The UA will face Arizona State University on Friday for the coveted Territorial Cup, part of an ongoing, heated rivalry between the two schools.

The schools are known for their conflict in terms of sports, but the history of the feud stretches further than just athletics.
Shane Dale, author of the book “Territorial: The History of the Duel in the Desert,” told the State Press that the roots of the rivalry go beyond our battling teams.

“The history behind it … makes it so personal,” Dale said.

He added that when ASU — known in the 1950s as Arizona State College — was trying to be recognized as a university, the UA protested.

“UA was the only university in the state for decades, and they wanted to keep it that way,” Dale said, “and what happened is that in 1958, there was a proposition on the ballot, Proposition 200, that would change ASC’s name to ASU.”

He said that on the day of the first game at Sun Devil Stadium, UA fans broke in and burned “No on 200” into the grass.

“Based on the interviews I did, that really started making it a personal rivalry,” Dale said. “Proposition 200 passed easily, and ASU went to Tucson that year and blew out UA 47-0. There were some other things that came up as well, but that really set the nastiness of the rivalry since then.”

However, the Territorial Cup Series website claims that the football rivalry dates back 100 years ago, before the emergence of Proposition 200. The website claims that in 1885 when the UA was founded as the state’s first university, the Tempe Normal School also opened. The Tempe Normal School later became what is now known as ASU.

“The Arizona Territorial Normal School football team was the first to claim the original Territorial Cup for winning the Arizona Territorial Football League Championship after a season of three games in 1899,” the website states. “The Normals, as they were known at the time, were undefeated in gridiron matches with the Phoenix Union High School (6-0), the Phoenix Indian School (6-0) and the University of Arizona (11-2).”

Emily Hassard, a communication junior, said she is excited for the game, especially since her family is a house divided.

“My cousin goes to ASU, so my family is definitely a house divided, and the rivalry runs deep,” Hassard said. “I think every school needs to have a rival. It keeps up our school spirit and gets many people involved with our sports. We have an unreal amount of student spirit.”

Issac Ortega, the Associated Students of the University of Arizona president, said that although he didn’t know much regarding the history of the rivalry, he understood that the Territorial Cup was at stake.

“From what I know, the trophy that hangs in the balance — [the] Territorial Cup — is the oldest trophy of any rivalry across the nation,”

Ortega said. “It’s been going on for a long time.”

Ortega added that he anticipates Friday’s game.
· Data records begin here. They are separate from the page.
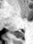 MR image | Hippocampus
The posterior hippocampus lies within bbox(14, 31, 23, 38).
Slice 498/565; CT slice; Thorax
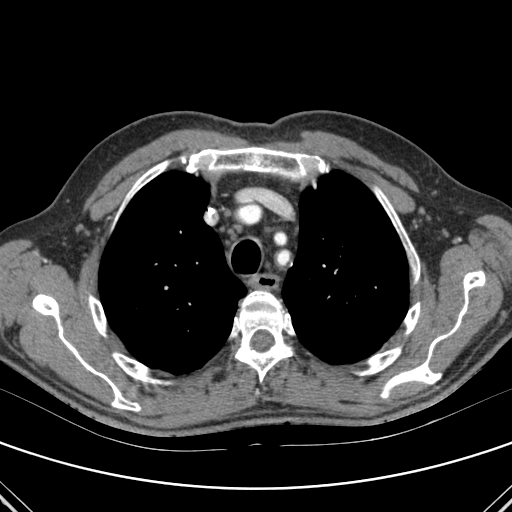 lung: 98, 171, 246, 374; 282, 170, 408, 364 | bone: 381, 271, 485, 397; 88, 295, 105, 336; 404, 302, 420, 334; 112, 352, 161, 383; 360, 347, 401, 375; 374, 187, 419, 283; 117, 161, 169, 218; 32, 294, 140, 411; 180, 147, 328, 178; 231, 291, 294, 381
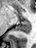
MRI slice. 36x48. Posterior hippocampus: bounding box <bbox>13, 20, 30, 34</bbox>.
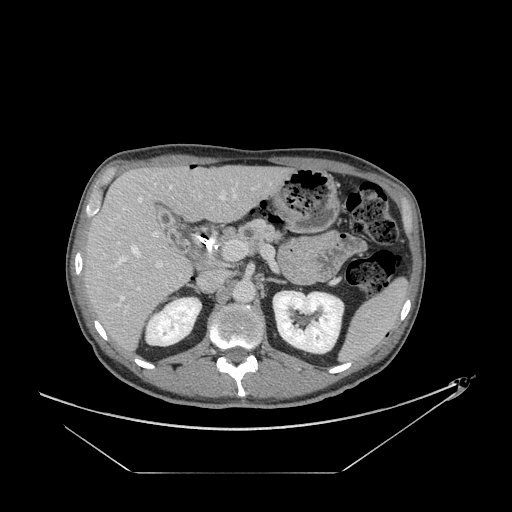 Upper abdomen | CT scan slice | Image size 512x512

Segmented structures:
• pancreas: [238,221,283,243]
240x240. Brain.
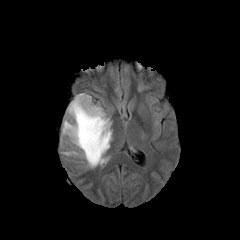
FLAIR MR.
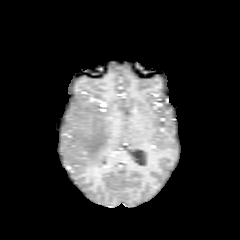
T1-weighted MR of the same slice.
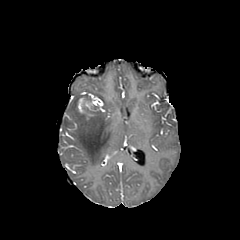
Post-contrast T1-weighted magnetic resonance.
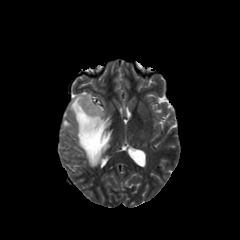
T2-weighted MR.
• enhancing tumor: (left=78, top=98, right=97, bottom=113)
• edema: (left=60, top=100, right=111, bottom=167)
• non-enhancing tumor core: (left=73, top=93, right=102, bottom=123)
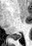

MRI slice. Medial temporal lobe.

posterior hippocampus: 10,33,21,40
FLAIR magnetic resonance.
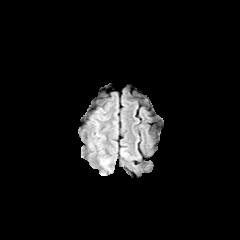
T1-weighted magnetic resonance.
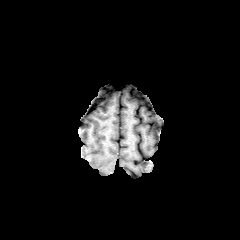
Post-contrast T1-weighted MR.
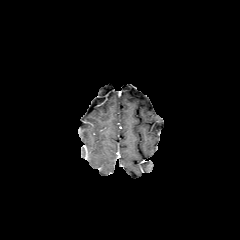
T2-weighted MR.
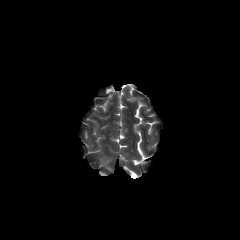
Brain.
<segmentation>
  <edema>[100,159,110,170]</edema>
</segmentation>
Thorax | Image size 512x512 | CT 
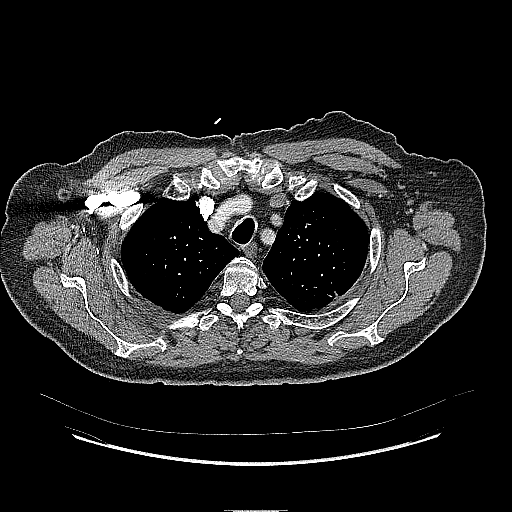

lung tumor: (left=324, top=285, right=338, bottom=297)
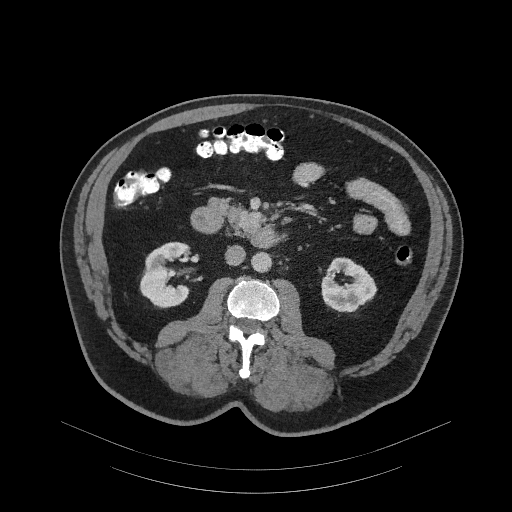
CT scan slice

{"pancreatic_tumor": ["[239,211,262,228]"], "pancreas": ["[209,197,257,236]"]}

“I can’t wait to see the Wildcats get that win on Friday and compete for possibly a Pac-12 [Conference] championship,” Ortega said.

The UA has been doing an amazing job all year, Ortega added, and the school’s athletics are just another demonstration of that.

“That goes for everything. We’ve been striving very well, and we’re just pushing the envelope. Athletics is just another facet of that, and it really shows just how far UA is going.”